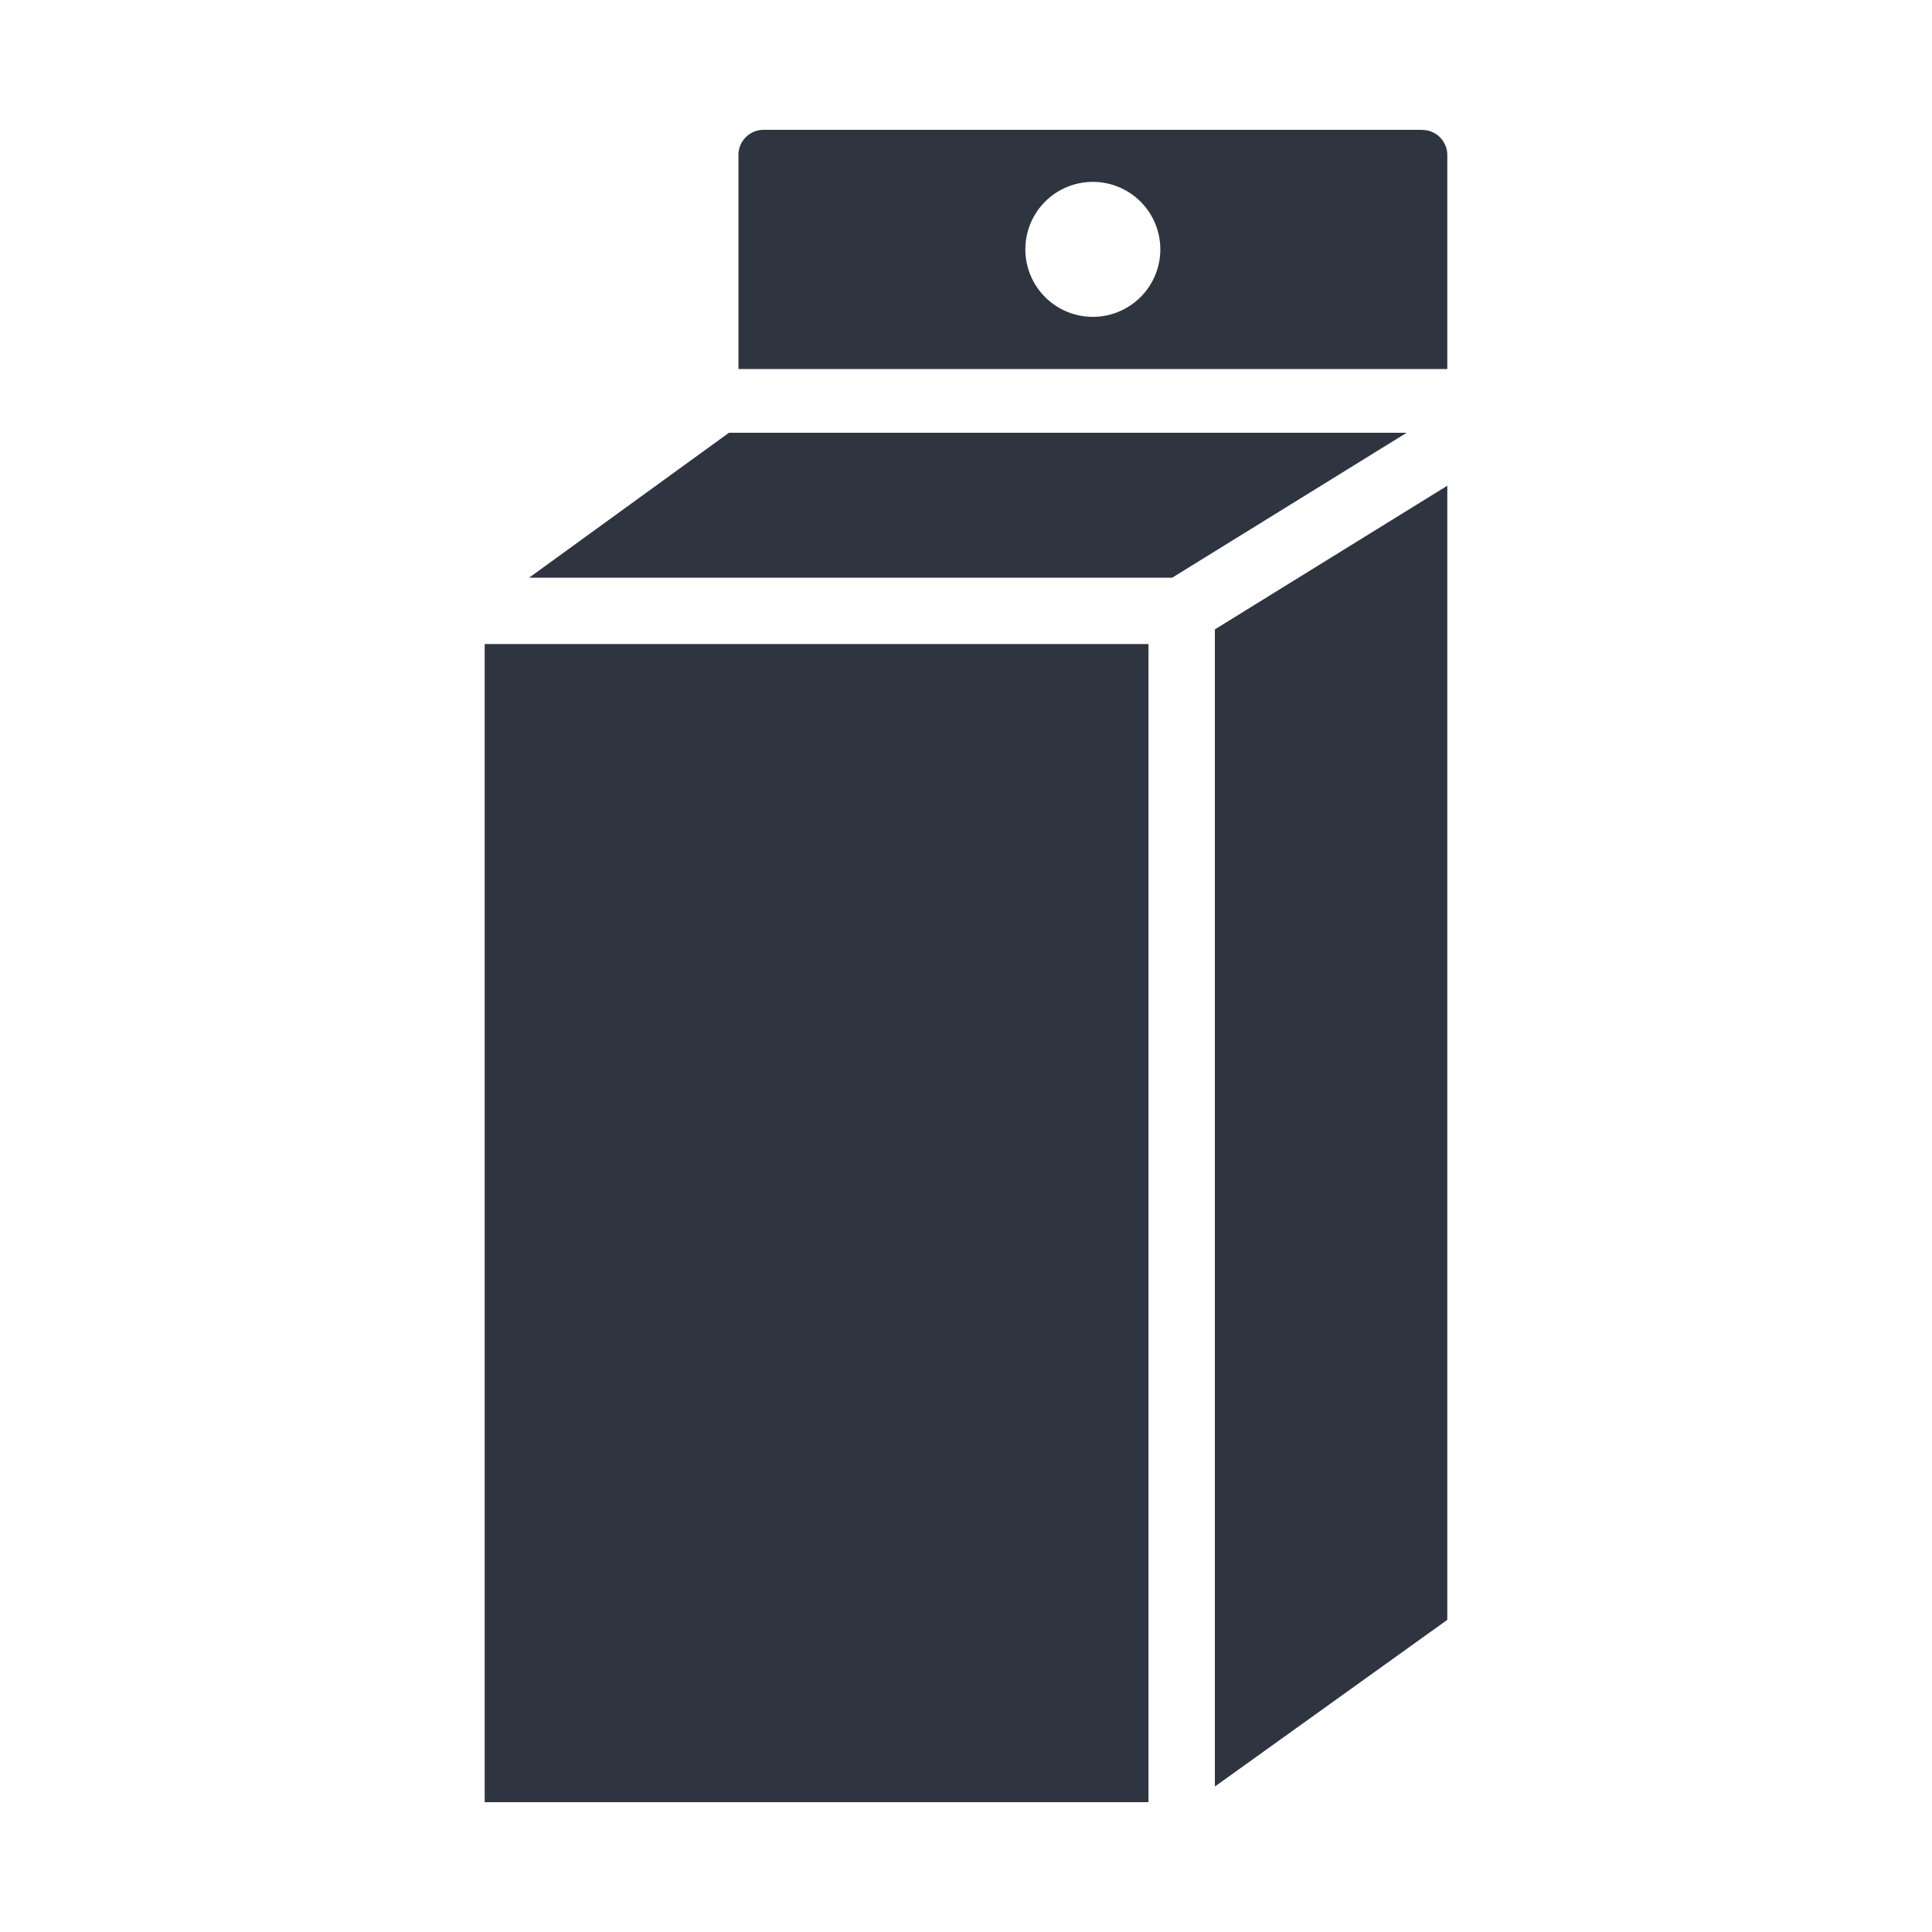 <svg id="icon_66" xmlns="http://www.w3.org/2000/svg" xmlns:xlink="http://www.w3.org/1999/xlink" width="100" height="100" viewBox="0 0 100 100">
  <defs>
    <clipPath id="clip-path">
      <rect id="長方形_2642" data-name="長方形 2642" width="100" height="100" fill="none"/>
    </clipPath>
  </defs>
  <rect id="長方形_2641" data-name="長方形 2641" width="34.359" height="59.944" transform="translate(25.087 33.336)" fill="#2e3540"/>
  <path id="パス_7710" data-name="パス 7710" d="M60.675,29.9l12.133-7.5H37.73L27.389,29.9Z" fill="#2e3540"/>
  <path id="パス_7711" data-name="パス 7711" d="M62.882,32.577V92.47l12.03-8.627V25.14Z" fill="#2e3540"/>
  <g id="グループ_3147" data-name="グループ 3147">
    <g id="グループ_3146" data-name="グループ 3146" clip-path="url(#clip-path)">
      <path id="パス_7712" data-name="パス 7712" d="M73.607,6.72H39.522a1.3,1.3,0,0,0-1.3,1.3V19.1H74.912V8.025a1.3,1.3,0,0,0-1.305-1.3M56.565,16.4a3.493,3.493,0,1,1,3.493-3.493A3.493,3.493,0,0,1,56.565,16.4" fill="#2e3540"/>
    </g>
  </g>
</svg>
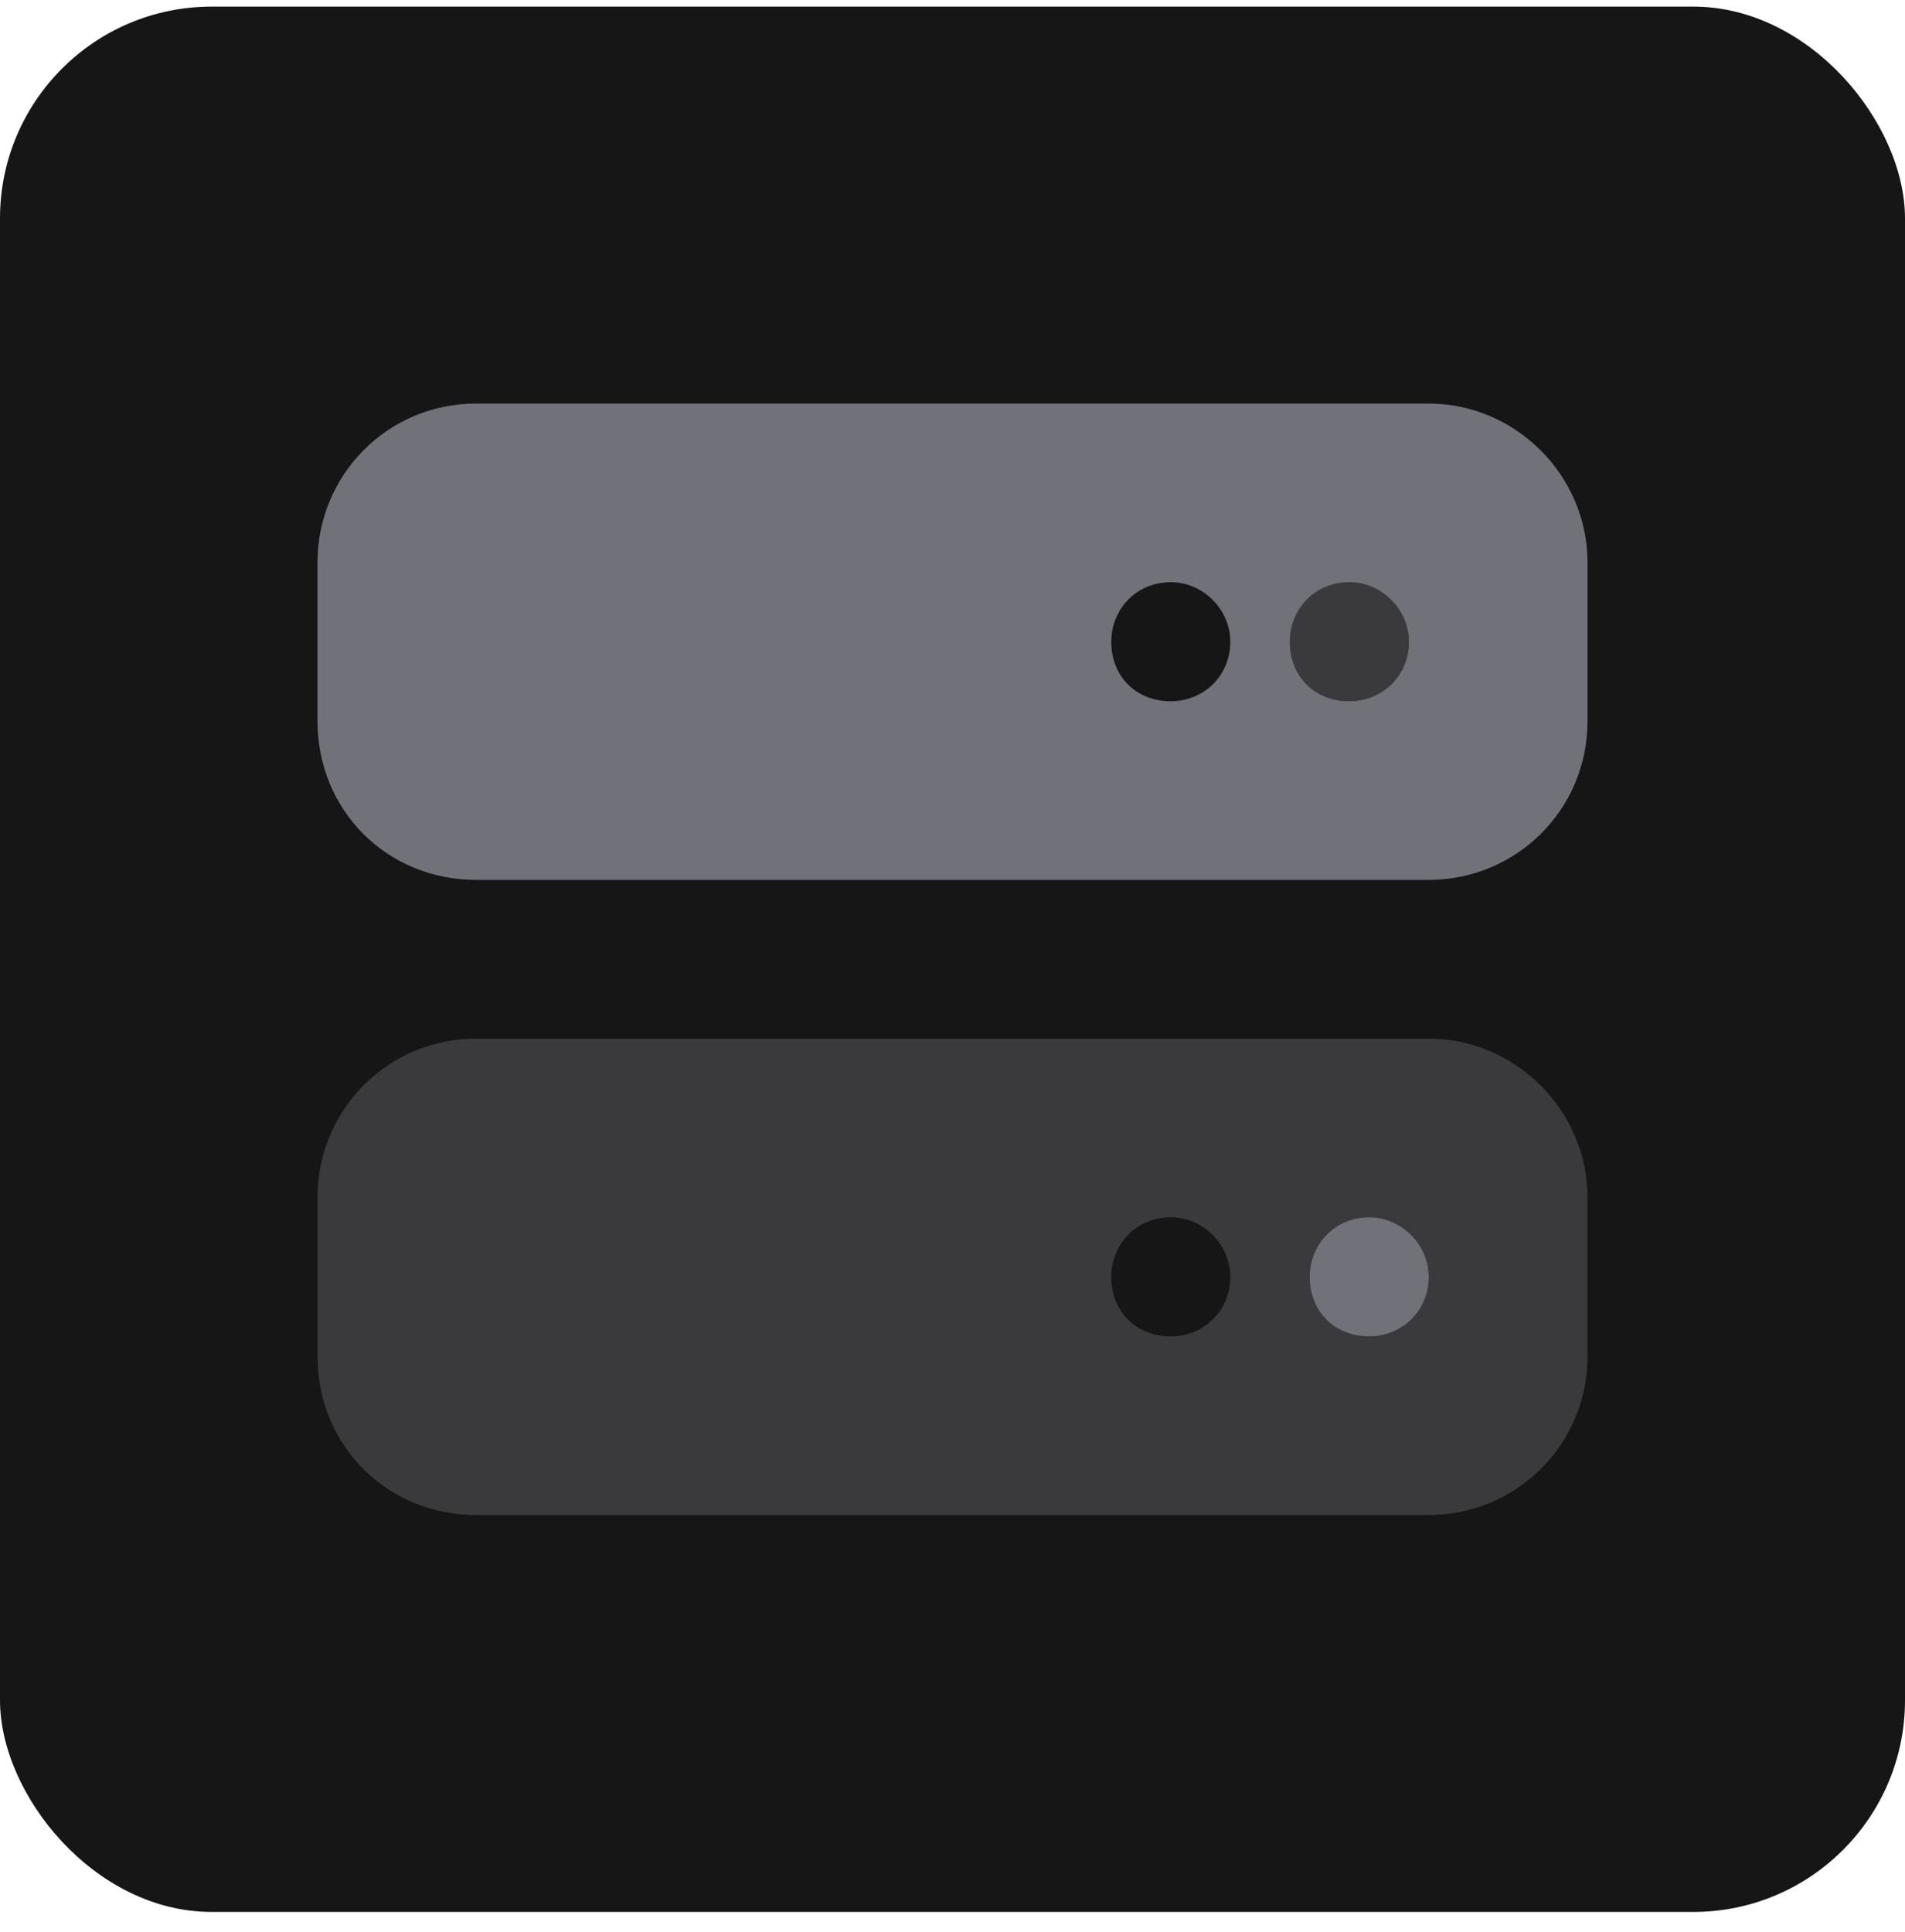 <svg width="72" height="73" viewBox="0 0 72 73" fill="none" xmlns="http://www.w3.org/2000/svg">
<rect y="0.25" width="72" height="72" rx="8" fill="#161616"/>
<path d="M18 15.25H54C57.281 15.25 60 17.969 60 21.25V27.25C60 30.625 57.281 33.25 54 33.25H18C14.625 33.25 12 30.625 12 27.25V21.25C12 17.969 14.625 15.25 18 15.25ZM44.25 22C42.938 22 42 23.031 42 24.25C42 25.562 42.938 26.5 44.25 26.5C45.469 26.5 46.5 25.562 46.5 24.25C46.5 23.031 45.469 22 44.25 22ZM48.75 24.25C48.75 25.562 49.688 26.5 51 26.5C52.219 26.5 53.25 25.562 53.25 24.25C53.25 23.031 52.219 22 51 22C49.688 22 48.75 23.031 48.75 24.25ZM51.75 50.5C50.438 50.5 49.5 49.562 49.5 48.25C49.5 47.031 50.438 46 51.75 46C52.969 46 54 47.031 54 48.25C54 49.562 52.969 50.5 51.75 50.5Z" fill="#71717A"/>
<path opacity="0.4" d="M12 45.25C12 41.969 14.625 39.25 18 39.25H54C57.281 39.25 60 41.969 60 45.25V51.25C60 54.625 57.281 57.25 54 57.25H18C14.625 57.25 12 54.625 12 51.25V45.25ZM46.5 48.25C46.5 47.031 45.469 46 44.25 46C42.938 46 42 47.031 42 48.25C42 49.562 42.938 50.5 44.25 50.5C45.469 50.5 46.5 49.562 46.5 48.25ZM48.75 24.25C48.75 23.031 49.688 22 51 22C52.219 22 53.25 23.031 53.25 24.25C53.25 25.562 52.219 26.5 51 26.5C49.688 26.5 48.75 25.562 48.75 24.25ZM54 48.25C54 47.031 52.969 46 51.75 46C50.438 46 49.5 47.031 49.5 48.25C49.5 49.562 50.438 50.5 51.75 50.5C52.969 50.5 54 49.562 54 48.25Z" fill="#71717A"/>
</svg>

_PROBLEM DESCRIPTION_
All that is needed is the data above, repeated exactly, without the pictures.

_EXERCISE SOLUTION_
 <svg id="icon_66" xmlns="http://www.w3.org/2000/svg" xmlns:xlink="http://www.w3.org/1999/xlink" width="100" height="100" viewBox="0 0 100 100">
  <defs>
    <clipPath id="clip-path">
      <rect id="長方形_2642" data-name="長方形 2642" width="100" height="100" fill="none"/>
    </clipPath>
  </defs>
  <rect id="長方形_2641" data-name="長方形 2641" width="34.359" height="59.944" transform="translate(25.087 33.336)" fill="#2e3540"/>
  <path id="パス_7710" data-name="パス 7710" d="M60.675,29.9l12.133-7.5H37.73L27.389,29.9Z" fill="#2e3540"/>
  <path id="パス_7711" data-name="パス 7711" d="M62.882,32.577V92.47l12.03-8.627V25.14Z" fill="#2e3540"/>
  <g id="グループ_3147" data-name="グループ 3147">
    <g id="グループ_3146" data-name="グループ 3146" clip-path="url(#clip-path)">
      <path id="パス_7712" data-name="パス 7712" d="M73.607,6.72H39.522a1.3,1.3,0,0,0-1.3,1.3V19.1H74.912V8.025a1.3,1.3,0,0,0-1.305-1.3M56.565,16.4a3.493,3.493,0,1,1,3.493-3.493A3.493,3.493,0,0,1,56.565,16.4" fill="#2e3540"/>
    </g>
  </g>
</svg>
 <svg width="72" height="73" viewBox="0 0 72 73" fill="none" xmlns="http://www.w3.org/2000/svg">
<rect y="0.25" width="72" height="72" rx="8" fill="#161616"/>
<path d="M18 15.25H54C57.281 15.25 60 17.969 60 21.25V27.25C60 30.625 57.281 33.25 54 33.25H18C14.625 33.25 12 30.625 12 27.25V21.25C12 17.969 14.625 15.25 18 15.25ZM44.25 22C42.938 22 42 23.031 42 24.25C42 25.562 42.938 26.5 44.25 26.5C45.469 26.5 46.5 25.562 46.5 24.25C46.5 23.031 45.469 22 44.25 22ZM48.75 24.25C48.75 25.562 49.688 26.5 51 26.5C52.219 26.5 53.25 25.562 53.25 24.25C53.25 23.031 52.219 22 51 22C49.688 22 48.75 23.031 48.75 24.25ZM51.75 50.5C50.438 50.5 49.5 49.562 49.5 48.25C49.5 47.031 50.438 46 51.75 46C52.969 46 54 47.031 54 48.25C54 49.562 52.969 50.5 51.75 50.5Z" fill="#71717A"/>
<path opacity="0.4" d="M12 45.25C12 41.969 14.625 39.25 18 39.25H54C57.281 39.25 60 41.969 60 45.25V51.25C60 54.625 57.281 57.25 54 57.25H18C14.625 57.25 12 54.625 12 51.25V45.25ZM46.5 48.25C46.5 47.031 45.469 46 44.25 46C42.938 46 42 47.031 42 48.25C42 49.562 42.938 50.5 44.25 50.5C45.469 50.5 46.5 49.562 46.5 48.25ZM48.75 24.25C48.75 23.031 49.688 22 51 22C52.219 22 53.25 23.031 53.25 24.25C53.25 25.562 52.219 26.5 51 26.5C49.688 26.5 48.75 25.562 48.75 24.25ZM54 48.25C54 47.031 52.969 46 51.75 46C50.438 46 49.5 47.031 49.5 48.25C49.5 49.562 50.438 50.5 51.75 50.5C52.969 50.5 54 49.562 54 48.25Z" fill="#71717A"/>
</svg>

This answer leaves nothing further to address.